— WHAT IS BEING ASKED —
Without the pictures, write out all the lines below exactly as they appear.

— Items listed in a dataset —
※

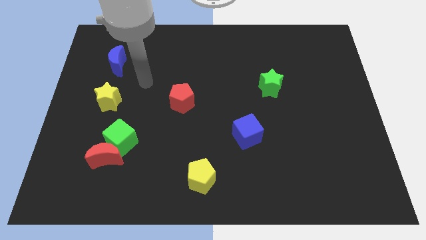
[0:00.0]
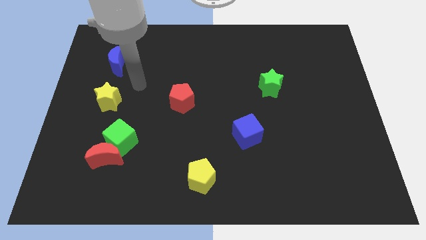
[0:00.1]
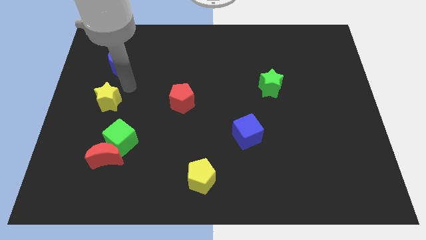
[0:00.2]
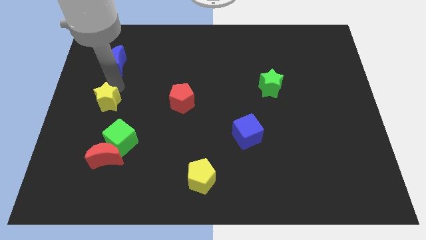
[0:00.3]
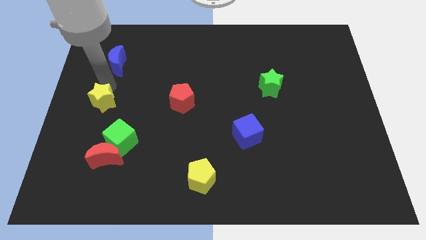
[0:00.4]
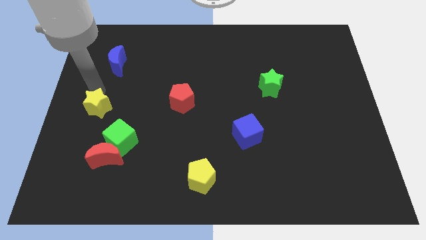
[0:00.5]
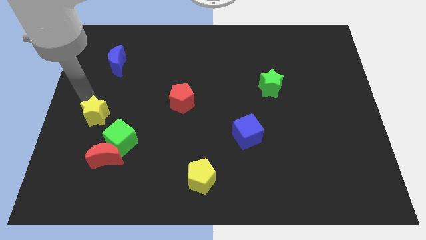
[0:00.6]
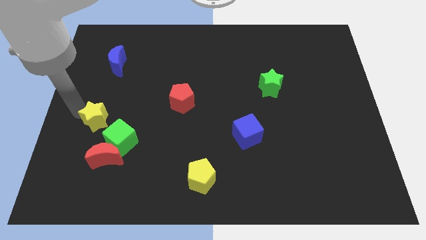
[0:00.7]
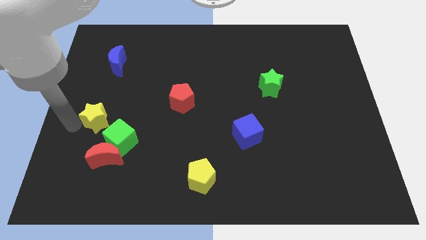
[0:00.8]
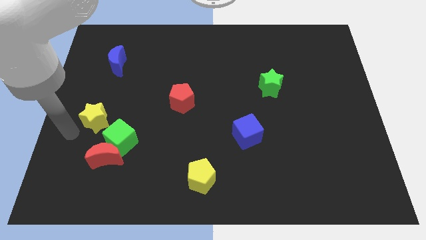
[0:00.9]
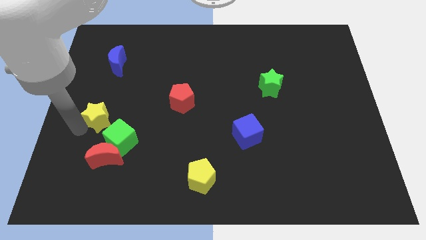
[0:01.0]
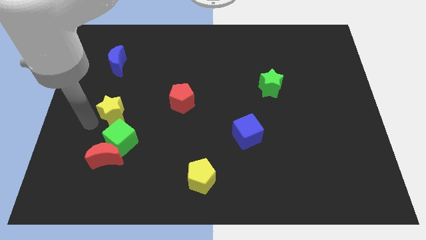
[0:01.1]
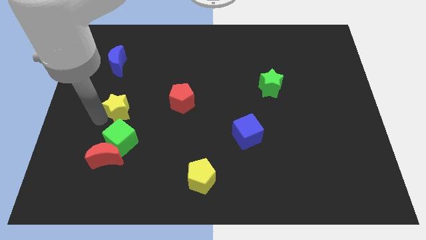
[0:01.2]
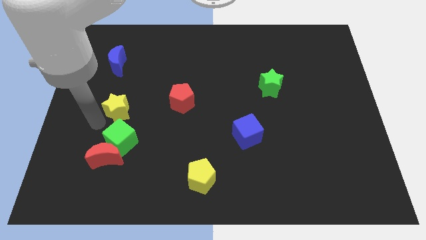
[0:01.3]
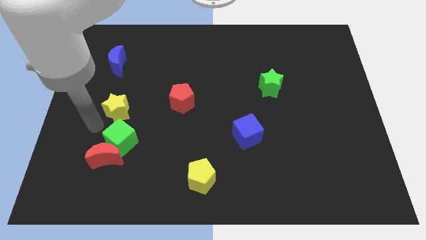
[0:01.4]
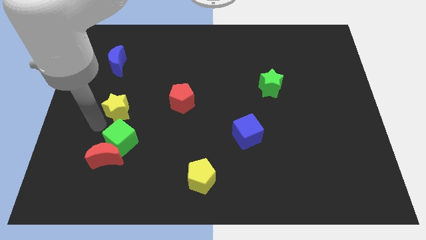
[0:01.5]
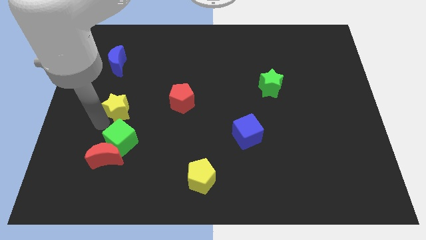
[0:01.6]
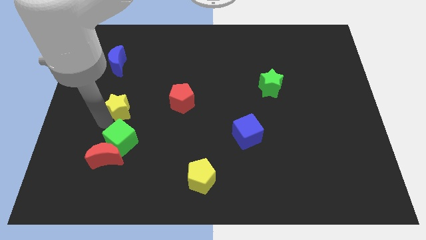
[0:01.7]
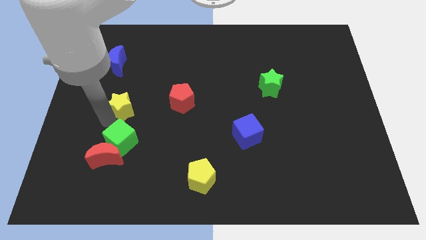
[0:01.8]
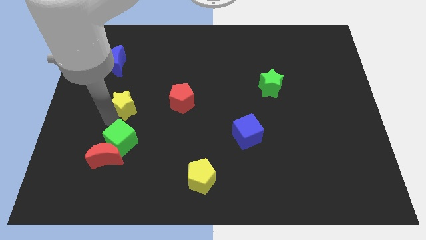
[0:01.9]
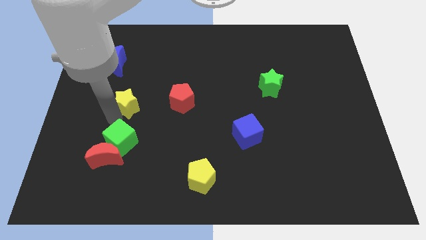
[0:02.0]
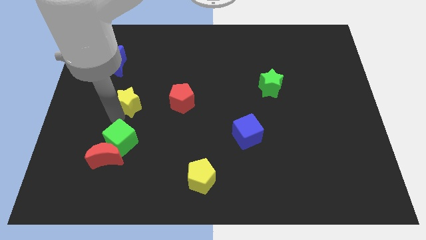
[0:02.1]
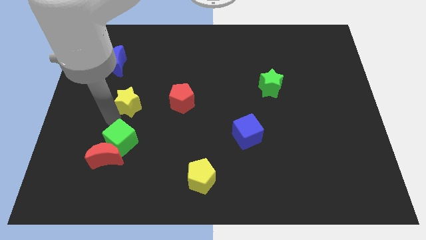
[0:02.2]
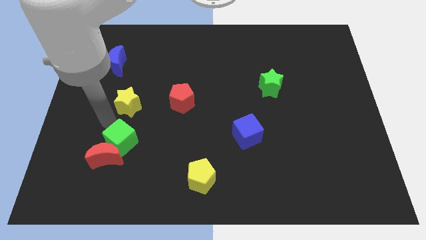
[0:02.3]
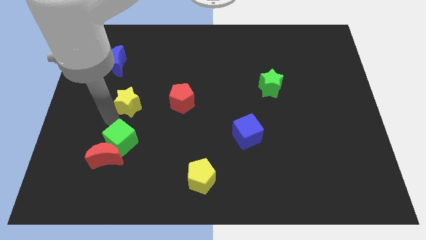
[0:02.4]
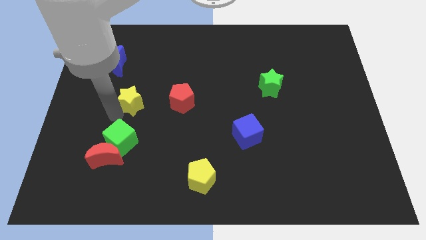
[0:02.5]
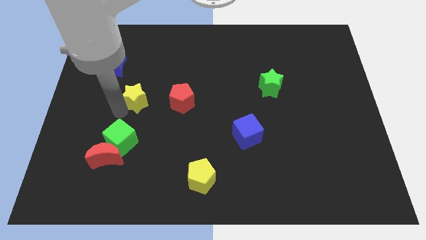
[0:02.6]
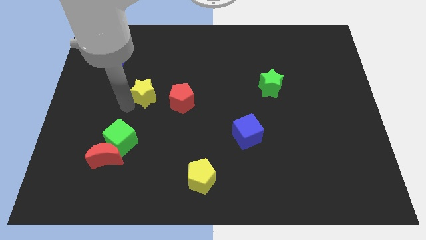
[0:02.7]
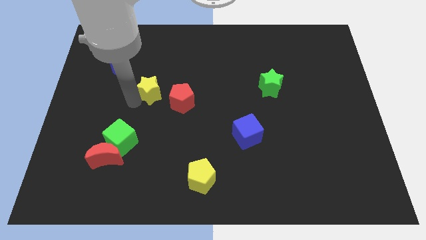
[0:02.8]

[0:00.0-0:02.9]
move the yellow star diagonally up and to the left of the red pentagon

※

— TASK RESULT —
[0:00.0]
[0:00.1]
[0:00.2]
[0:00.3]
[0:00.4]
[0:00.5]
[0:00.6]
[0:00.7]
[0:00.8]
[0:00.9]
[0:01.0]
[0:01.1]
[0:01.2]
[0:01.3]
[0:01.4]
[0:01.5]
[0:01.6]
[0:01.7]
[0:01.8]
[0:01.9]
[0:02.0]
[0:02.1]
[0:02.2]
[0:02.3]
[0:02.4]
[0:02.5]
[0:02.6]
[0:02.7]
[0:02.8]

[0:00.0-0:02.9]
move the yellow star diagonally up and to the left of the red pentagon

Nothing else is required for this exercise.